◆ **WORK REQUIRED**
Every line in the data below that has the word "hefur" should be returned.

◆ **SOURCE RECORDS**

·····

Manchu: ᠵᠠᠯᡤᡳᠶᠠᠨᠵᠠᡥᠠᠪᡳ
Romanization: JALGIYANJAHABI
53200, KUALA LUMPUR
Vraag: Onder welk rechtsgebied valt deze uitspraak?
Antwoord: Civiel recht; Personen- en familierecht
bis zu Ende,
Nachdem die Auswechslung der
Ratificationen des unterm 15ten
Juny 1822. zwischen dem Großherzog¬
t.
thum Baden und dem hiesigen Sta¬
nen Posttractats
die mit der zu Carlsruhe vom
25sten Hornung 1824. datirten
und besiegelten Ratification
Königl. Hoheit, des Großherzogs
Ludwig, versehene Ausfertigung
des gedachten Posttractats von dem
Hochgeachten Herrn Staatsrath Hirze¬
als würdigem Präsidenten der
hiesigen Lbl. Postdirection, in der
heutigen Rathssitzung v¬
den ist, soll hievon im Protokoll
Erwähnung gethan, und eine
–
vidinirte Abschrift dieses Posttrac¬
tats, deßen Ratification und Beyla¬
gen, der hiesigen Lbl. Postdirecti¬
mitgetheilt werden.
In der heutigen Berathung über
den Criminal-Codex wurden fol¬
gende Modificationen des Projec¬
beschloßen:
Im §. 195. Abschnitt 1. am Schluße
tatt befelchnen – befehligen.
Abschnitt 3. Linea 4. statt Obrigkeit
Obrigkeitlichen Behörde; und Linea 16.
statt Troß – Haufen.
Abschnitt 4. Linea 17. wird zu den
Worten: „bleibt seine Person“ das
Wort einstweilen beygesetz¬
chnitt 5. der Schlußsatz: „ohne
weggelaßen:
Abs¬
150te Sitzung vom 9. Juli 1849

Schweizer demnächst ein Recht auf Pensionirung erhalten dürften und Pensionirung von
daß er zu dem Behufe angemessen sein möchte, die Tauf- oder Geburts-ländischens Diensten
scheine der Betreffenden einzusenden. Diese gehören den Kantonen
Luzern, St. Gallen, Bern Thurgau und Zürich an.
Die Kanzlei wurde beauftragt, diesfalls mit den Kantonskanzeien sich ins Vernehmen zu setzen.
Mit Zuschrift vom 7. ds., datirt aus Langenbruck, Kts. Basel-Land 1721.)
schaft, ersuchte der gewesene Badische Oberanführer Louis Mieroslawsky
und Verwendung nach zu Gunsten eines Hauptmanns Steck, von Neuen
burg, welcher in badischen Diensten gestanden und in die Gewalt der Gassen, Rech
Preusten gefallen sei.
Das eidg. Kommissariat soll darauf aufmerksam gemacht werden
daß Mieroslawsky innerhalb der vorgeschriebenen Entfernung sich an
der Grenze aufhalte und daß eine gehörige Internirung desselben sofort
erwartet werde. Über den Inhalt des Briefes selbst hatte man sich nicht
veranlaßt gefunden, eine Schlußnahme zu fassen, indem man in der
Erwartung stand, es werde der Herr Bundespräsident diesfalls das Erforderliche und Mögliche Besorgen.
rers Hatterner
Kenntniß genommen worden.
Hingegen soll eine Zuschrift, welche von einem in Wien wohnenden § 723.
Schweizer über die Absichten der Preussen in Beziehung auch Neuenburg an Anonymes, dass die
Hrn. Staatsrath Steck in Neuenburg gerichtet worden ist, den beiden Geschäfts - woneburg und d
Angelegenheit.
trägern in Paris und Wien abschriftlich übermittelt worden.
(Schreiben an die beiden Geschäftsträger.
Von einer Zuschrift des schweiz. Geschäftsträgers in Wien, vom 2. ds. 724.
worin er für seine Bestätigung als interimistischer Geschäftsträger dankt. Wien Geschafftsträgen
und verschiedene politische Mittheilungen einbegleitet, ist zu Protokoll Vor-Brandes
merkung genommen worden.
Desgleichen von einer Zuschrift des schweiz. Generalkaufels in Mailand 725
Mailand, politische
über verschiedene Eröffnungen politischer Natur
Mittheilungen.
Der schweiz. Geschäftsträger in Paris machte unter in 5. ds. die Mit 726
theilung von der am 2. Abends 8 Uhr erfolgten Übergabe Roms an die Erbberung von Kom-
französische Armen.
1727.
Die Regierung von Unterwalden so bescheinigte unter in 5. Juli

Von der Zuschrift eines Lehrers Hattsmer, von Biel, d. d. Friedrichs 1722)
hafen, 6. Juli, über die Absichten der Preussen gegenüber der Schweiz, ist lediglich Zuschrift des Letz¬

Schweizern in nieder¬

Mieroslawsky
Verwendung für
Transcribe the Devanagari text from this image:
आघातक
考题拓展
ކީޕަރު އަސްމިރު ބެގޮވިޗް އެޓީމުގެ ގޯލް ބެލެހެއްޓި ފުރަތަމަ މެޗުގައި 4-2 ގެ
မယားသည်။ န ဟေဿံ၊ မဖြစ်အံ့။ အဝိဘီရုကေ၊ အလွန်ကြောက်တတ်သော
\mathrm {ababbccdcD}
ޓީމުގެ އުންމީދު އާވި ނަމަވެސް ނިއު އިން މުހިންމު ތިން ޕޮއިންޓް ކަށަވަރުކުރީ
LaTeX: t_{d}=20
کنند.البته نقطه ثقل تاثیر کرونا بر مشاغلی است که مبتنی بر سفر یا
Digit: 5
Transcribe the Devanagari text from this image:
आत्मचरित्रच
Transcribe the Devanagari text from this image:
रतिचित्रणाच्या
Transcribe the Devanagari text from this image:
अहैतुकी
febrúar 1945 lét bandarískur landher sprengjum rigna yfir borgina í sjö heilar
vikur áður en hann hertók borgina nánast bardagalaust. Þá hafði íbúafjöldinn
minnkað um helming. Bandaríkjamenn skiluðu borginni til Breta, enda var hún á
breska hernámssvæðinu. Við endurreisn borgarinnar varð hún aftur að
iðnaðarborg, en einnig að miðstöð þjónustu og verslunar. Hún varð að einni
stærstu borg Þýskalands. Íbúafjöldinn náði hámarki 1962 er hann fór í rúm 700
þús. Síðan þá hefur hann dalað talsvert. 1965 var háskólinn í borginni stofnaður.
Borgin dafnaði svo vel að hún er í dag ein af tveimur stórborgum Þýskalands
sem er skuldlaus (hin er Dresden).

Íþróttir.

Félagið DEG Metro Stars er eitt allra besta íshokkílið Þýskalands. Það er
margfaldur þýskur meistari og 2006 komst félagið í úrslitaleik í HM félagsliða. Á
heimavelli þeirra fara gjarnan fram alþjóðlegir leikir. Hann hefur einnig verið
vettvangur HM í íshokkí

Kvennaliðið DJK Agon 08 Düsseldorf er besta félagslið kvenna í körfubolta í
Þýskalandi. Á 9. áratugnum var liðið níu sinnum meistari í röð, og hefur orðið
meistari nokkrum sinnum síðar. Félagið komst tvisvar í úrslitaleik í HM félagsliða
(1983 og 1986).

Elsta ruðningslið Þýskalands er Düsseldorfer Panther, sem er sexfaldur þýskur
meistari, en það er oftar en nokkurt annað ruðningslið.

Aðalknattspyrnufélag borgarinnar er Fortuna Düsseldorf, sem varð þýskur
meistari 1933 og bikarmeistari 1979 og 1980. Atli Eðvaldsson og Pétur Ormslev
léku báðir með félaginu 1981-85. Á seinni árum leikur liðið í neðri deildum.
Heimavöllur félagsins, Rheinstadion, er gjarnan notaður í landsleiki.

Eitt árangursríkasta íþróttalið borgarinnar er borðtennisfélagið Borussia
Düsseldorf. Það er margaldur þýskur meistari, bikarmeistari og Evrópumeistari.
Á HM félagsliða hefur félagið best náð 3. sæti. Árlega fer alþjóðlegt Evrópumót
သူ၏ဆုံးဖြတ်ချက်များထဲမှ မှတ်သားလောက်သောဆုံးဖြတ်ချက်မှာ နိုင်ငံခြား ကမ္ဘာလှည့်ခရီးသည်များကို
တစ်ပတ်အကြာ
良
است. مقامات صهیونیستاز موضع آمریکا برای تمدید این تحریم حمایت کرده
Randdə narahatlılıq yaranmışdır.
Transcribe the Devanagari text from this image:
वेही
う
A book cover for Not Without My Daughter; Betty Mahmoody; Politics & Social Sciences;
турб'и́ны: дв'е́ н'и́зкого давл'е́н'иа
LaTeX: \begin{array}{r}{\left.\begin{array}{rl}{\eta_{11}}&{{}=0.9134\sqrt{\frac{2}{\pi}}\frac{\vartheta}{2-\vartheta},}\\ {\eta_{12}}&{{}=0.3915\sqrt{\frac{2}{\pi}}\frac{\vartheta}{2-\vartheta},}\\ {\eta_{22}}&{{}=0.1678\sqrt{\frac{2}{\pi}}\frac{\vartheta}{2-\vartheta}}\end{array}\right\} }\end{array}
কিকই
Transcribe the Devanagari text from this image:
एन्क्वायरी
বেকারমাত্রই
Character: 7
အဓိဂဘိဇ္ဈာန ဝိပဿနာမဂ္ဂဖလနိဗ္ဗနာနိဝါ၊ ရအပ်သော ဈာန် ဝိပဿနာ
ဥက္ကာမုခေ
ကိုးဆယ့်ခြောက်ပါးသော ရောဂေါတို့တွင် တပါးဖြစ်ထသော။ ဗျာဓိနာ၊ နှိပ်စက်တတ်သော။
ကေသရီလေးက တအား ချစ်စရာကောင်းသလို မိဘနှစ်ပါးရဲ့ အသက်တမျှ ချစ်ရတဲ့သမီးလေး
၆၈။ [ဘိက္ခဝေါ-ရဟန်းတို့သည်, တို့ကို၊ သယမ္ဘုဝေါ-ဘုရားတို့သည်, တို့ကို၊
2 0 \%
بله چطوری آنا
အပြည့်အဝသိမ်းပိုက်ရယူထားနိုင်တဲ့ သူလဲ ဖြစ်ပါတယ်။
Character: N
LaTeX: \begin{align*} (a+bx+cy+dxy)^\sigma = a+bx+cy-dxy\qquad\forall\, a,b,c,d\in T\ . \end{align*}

·····

◆ **COMPLETED TASK**
þús. Síðan þá hefur hann dalað talsvert. 1965 var háskólinn í borginni stofnaður.
heimavelli þeirra fara gjarnan fram alþjóðlegir leikir. Hann hefur einnig verið
Þýskalandi. Á 9. áratugnum var liðið níu sinnum meistari í röð, og hefur orðið
Á HM félagsliða hefur félagið best náð 3. sæti. Árlega fer alþjóðlegt Evrópumót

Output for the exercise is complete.